It is possible to interleave the two merges to swap memory for increased memory-level

parallelism, but this can both increase and decrease performance.

Skipping

--------

Just like with the quad swap it is beneficial to check whether the 4 blocks

are in-order.

In the case of the 4 blocks being in-order the merge operation is skipped,

as this would be pointless. Because reverse order data is handled in the

quad swap there is no need to check for reverse order blocks.
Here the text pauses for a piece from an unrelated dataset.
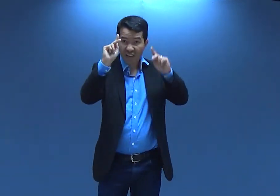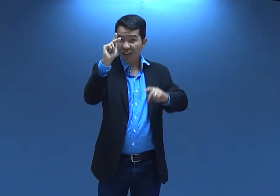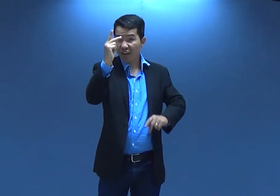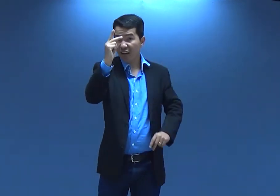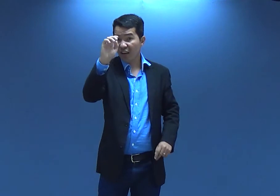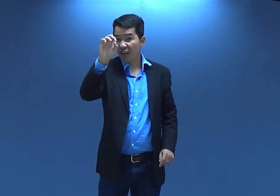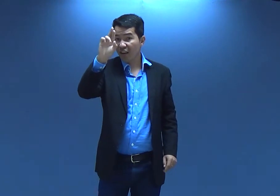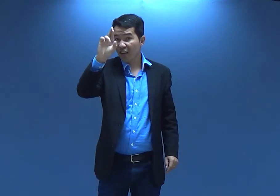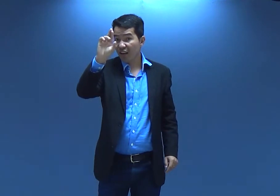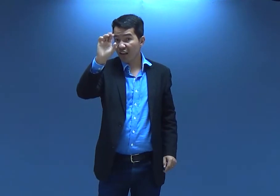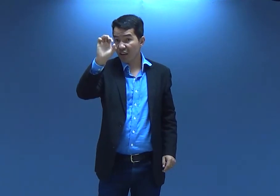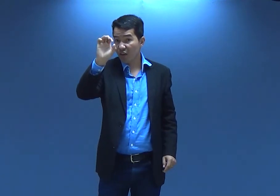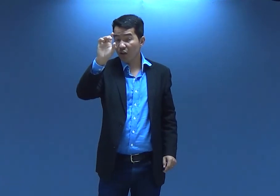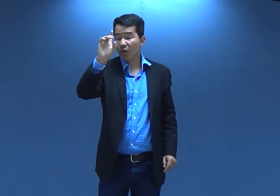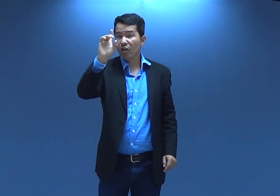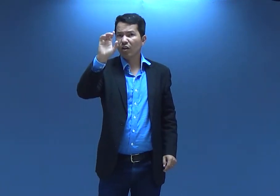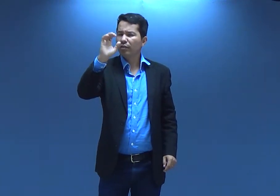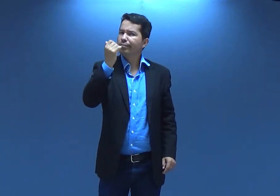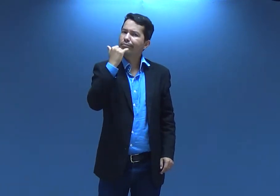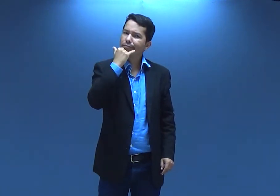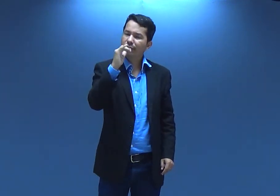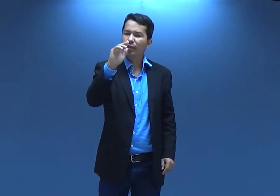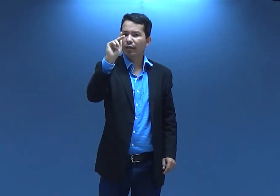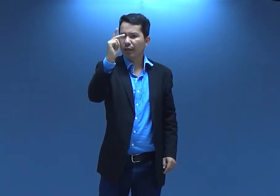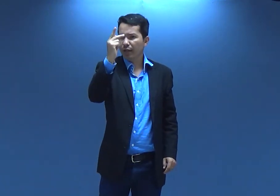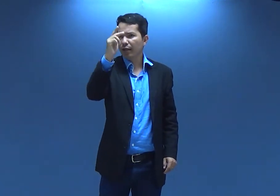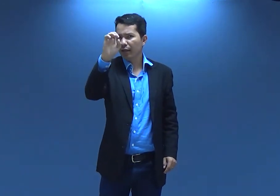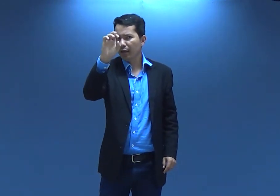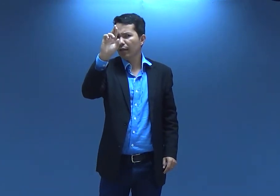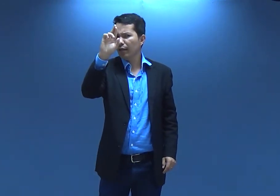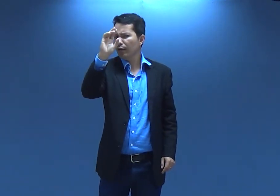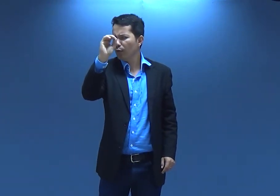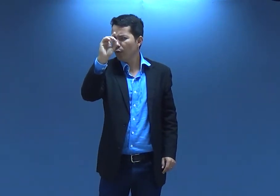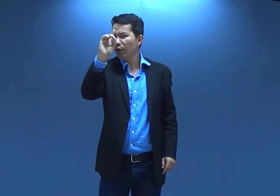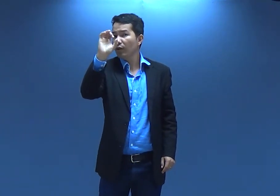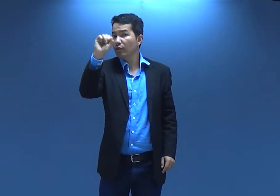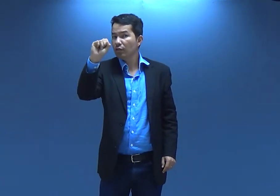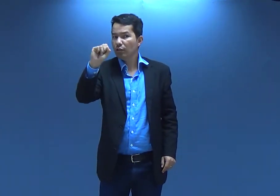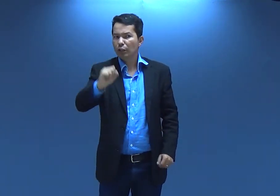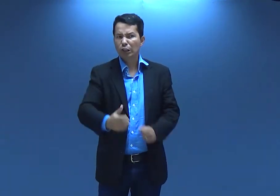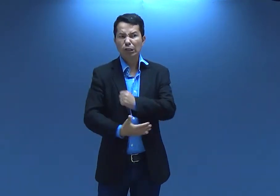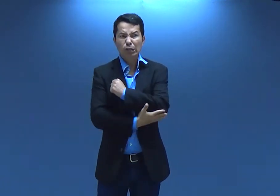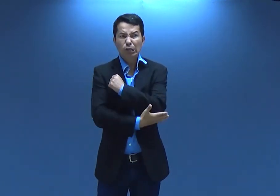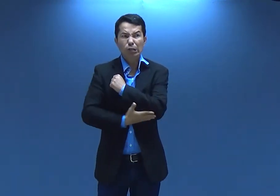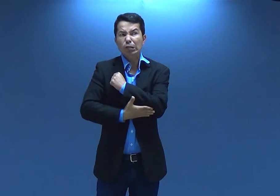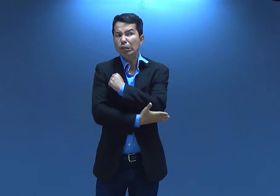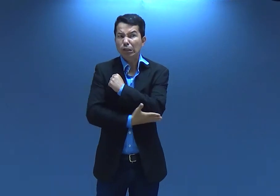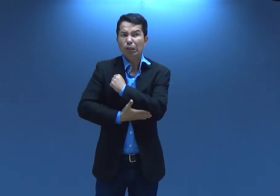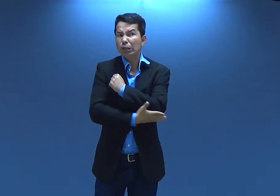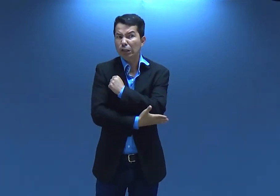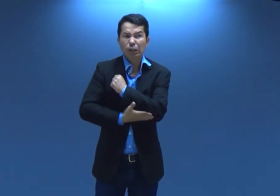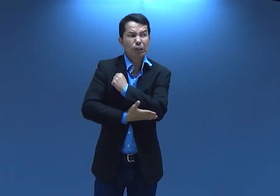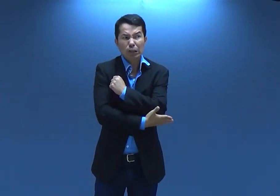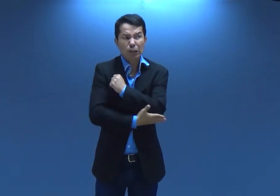O rei Herodes. Perdão. Herodes. Ele parece que ficou com

This allows quadsort to sort in-order sequences using **n** comparisons instead

of **n * log n** comparisons.

Parity merge

------------

A parity merge takes advantage of the fact that if you have two n length arrays,

you can fully merge the two arrays by performing n merge operations on the start

of each array, and n merge operations on the end of each array. The arrays must

be of equal length. Another way to describe the parity merge would be as

a bidirectional unguarded merge.

The main advantage of a parity merge over a traditional merge is that the loop

of a parity merge can be fully unrolled.

If the arrays are not of equal length a hybrid parity merge can be performed. One

way to do so is using n parity merges where n is the size of the smaller array,

before switching to a traditional merge.

Branchless parity merge

-----------------------

Since the parity merge can be unrolled it's very suitable for branchless

optimizations to speed up the sorting of random data. Another advantage

is that two separate memory regions are accessed in the same loop, allowing

memory-level parallelism. This makes the routine up to 2.5 times faster for

random data on most hardware.

Increasing the memory regions from two to four can result in both performance

gains and performance losses.

The following is a visualization of an array with 256 random elements getting

turned into sorted blocks of 32 elements using ping-pong parity merges.
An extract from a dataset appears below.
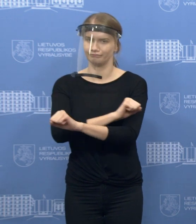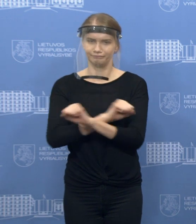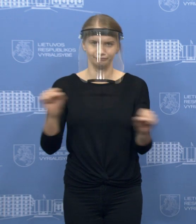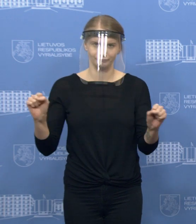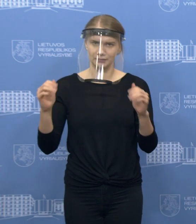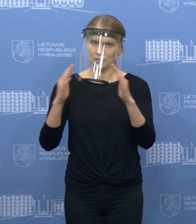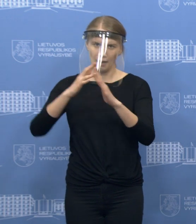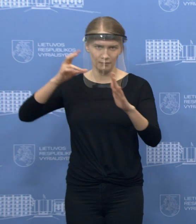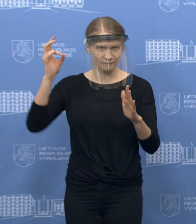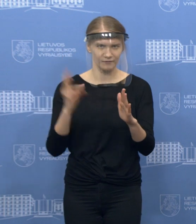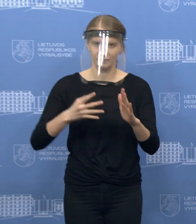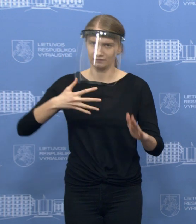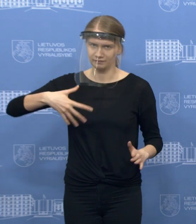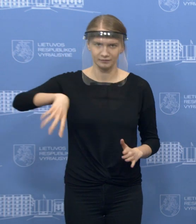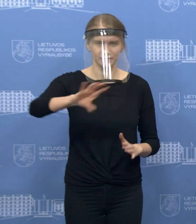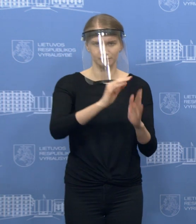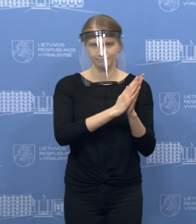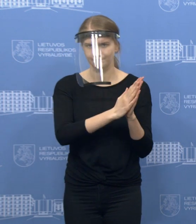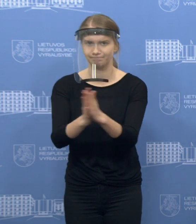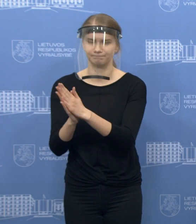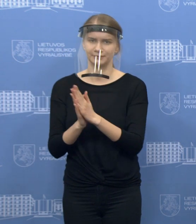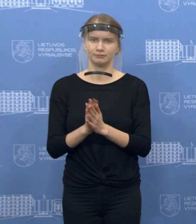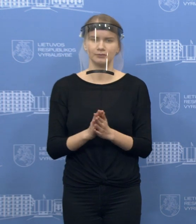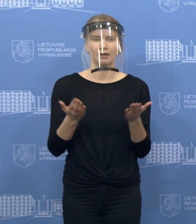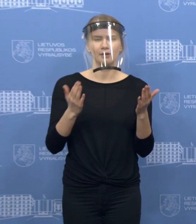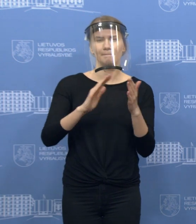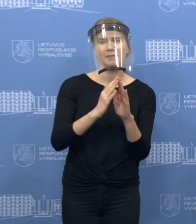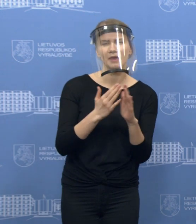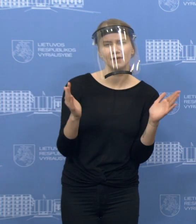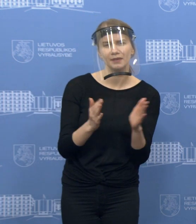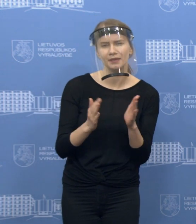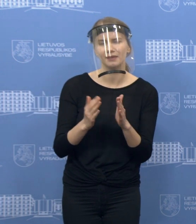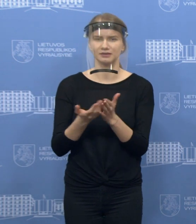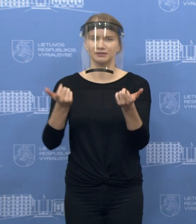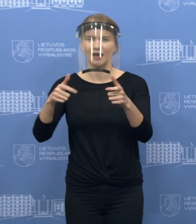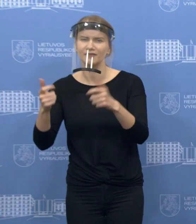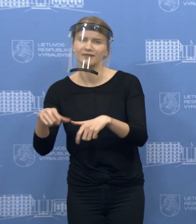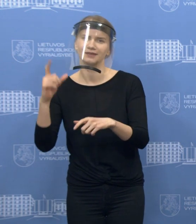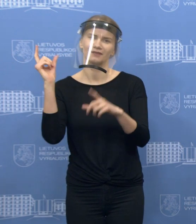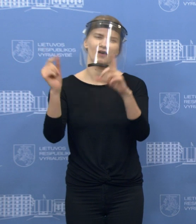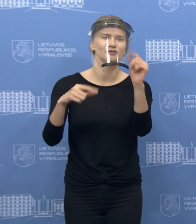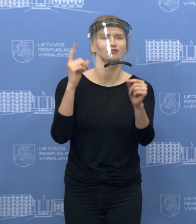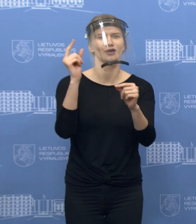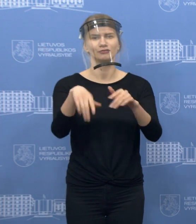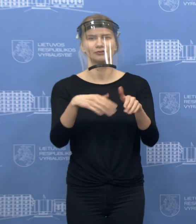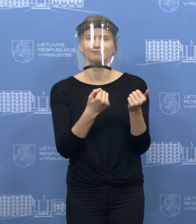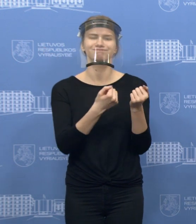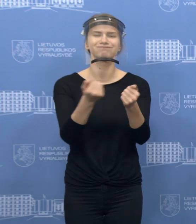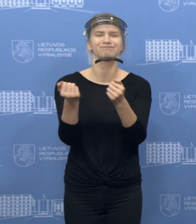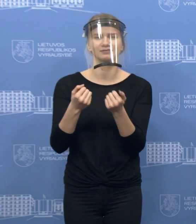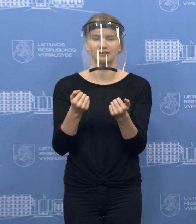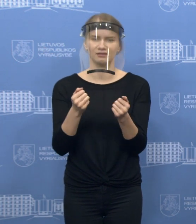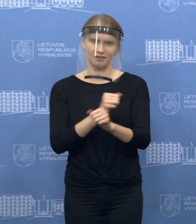į kitas savivaldybės, į kitų savivaldybių miestus ir miestelius. Policija tikrai šimtų procentų nevyktis

![quadsort visualization](/images/quadswap.gif)

Cross merge

-----------

While a branchless parity merge sorts random data faster, it sorts ordered data

slower. One way to solve this problem is by using a method with a resemblance

to the galloping merge concept first introduced by timsort.

The cross merge works in a similar way to the quad swap.

Instead of merging two arrays two items at a time, it merges four items at a time.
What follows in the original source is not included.